I really wouldn't rely on doppler hun :).


----------



## sophusx

Wow that is early to be hearing the babies heart beat on a doppler! 
I agree with 'nicky' I really wouldn't rely on the doppler anyway if you are worried ask your midwife, have you had your 12 week scan and midwife appointment?

xx


----------



## ellie27

I have heard anything 110-180 is perfectly normal throughout pregnancy.

I have used a doppler in both my pregnancies.

With my first baby hb was always 165-180 every time I used it and I stopped using it around 20wks when I started feeling movements.

Everything sounds perfect to me - oh, and they say the higher bpm it may be more likely to be a girl!! It worked for me!


----------



## cheyne3

Hi there, thank you all for the reassurance and advice. I have a hand-held Sonoline B Fetal Doppler (3 megahertz) which gives the BPM on the screen so I don't have to count it myself. I'm 12 weeks pregnant but my dating scan appointment is a week away yet. I've been lucky to be able to hear the heartbeat since 8+6. I've read in lots of places that a heartbeat over 160 is normal 'when the baby is very active' e.g. if you've just eaten. But my baby's heartbeat is ALWAYS over 160 - hence my getting a bit concerned...Sophusx I think its a good idea you've given to ask the midwife to check it for me herself. Perhaps my moniter isn't as good as hers. 
Ellie27 I hope you're right - I'd love a little girl.


----------



## nickyXjayno

lol sorry to be bearer of bad news but I'm having a boy and he has a high heart rate so may not be a girl ;).

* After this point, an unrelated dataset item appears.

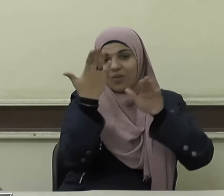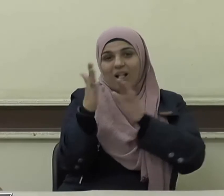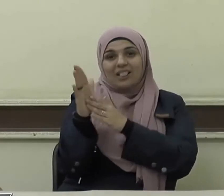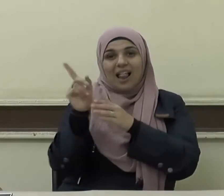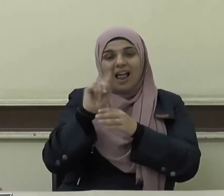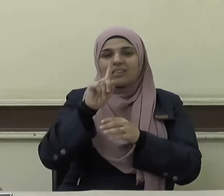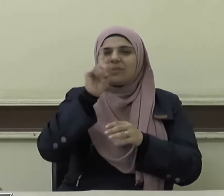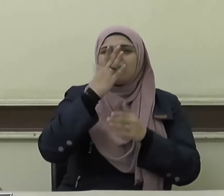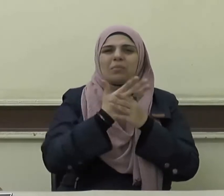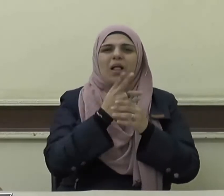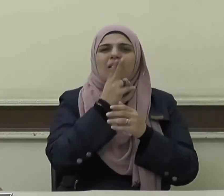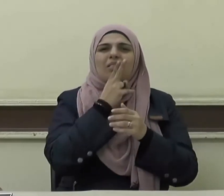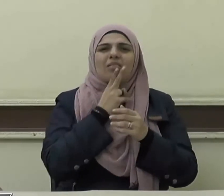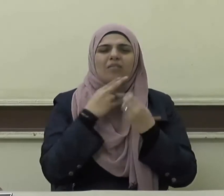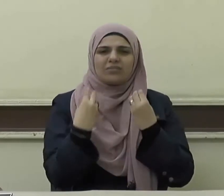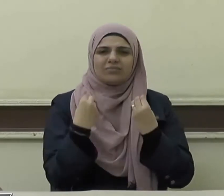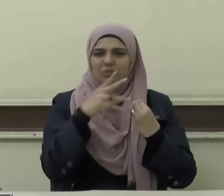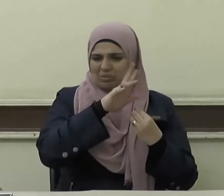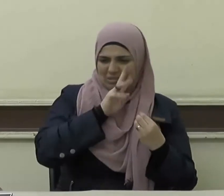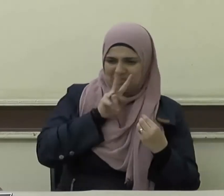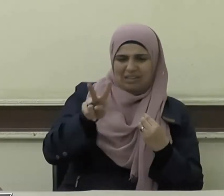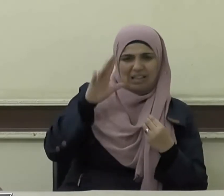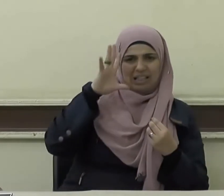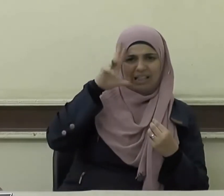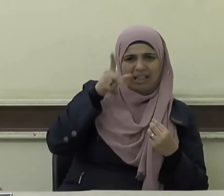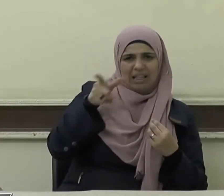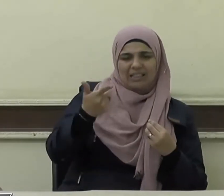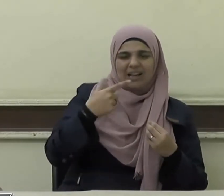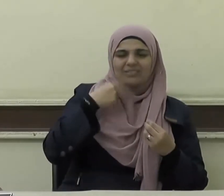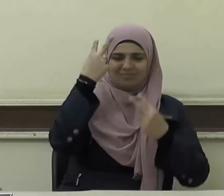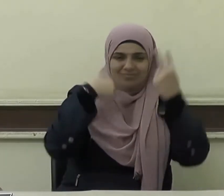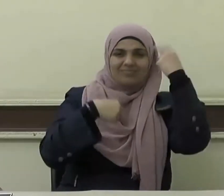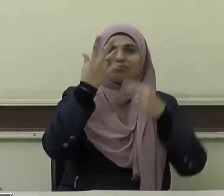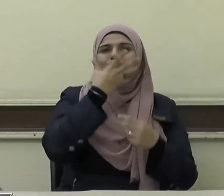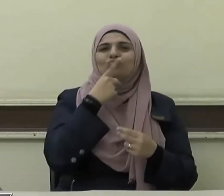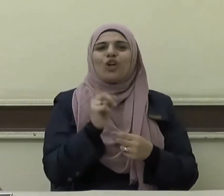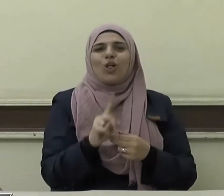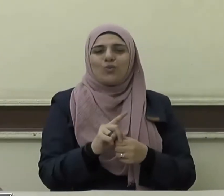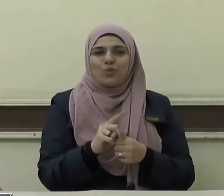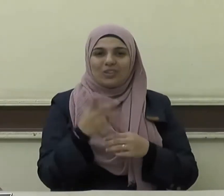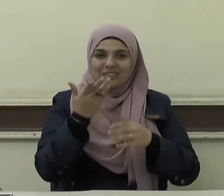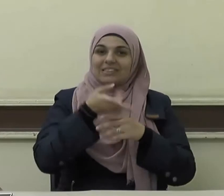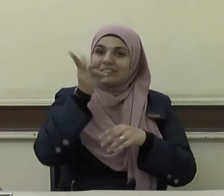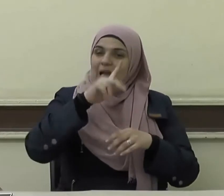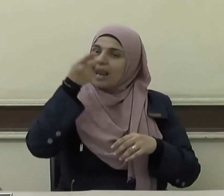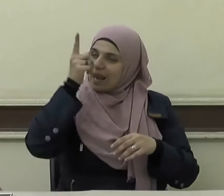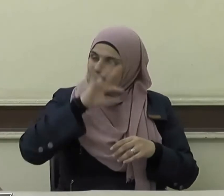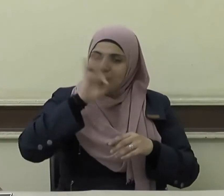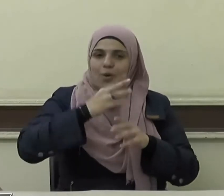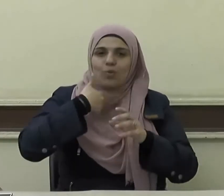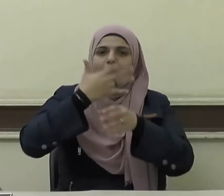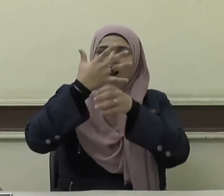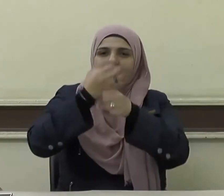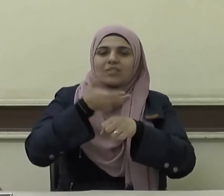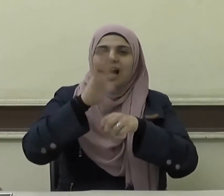مراعاة للذوق العام ومن مراعاة مشاعر الناس

I been using my doppler from 11 weeks also, not sure when heart rate is supposed to slow?
My baby is still quite high but midwife is happy with it.


----------



## wanna-b-mummy

Hun, that's completely normal :hugs: My mw told me between 110 and 180 is normal and said even then that that's not gospel as it can be under the 110 and over the 180. My mum says my hb was ALWAYS over 165, which is why she was convinced I was a girl because of the old wives tale. 

You can count the heart rate yourself without looking at the screen, I do that with mine sometimes to check the monitor is correct. Get a timer and time how many beats you can count in ten seconds. Then times that by 6. So if you hear 30 in 10 seconds, you'd multiply 30 by 6 and that will be your bpm :)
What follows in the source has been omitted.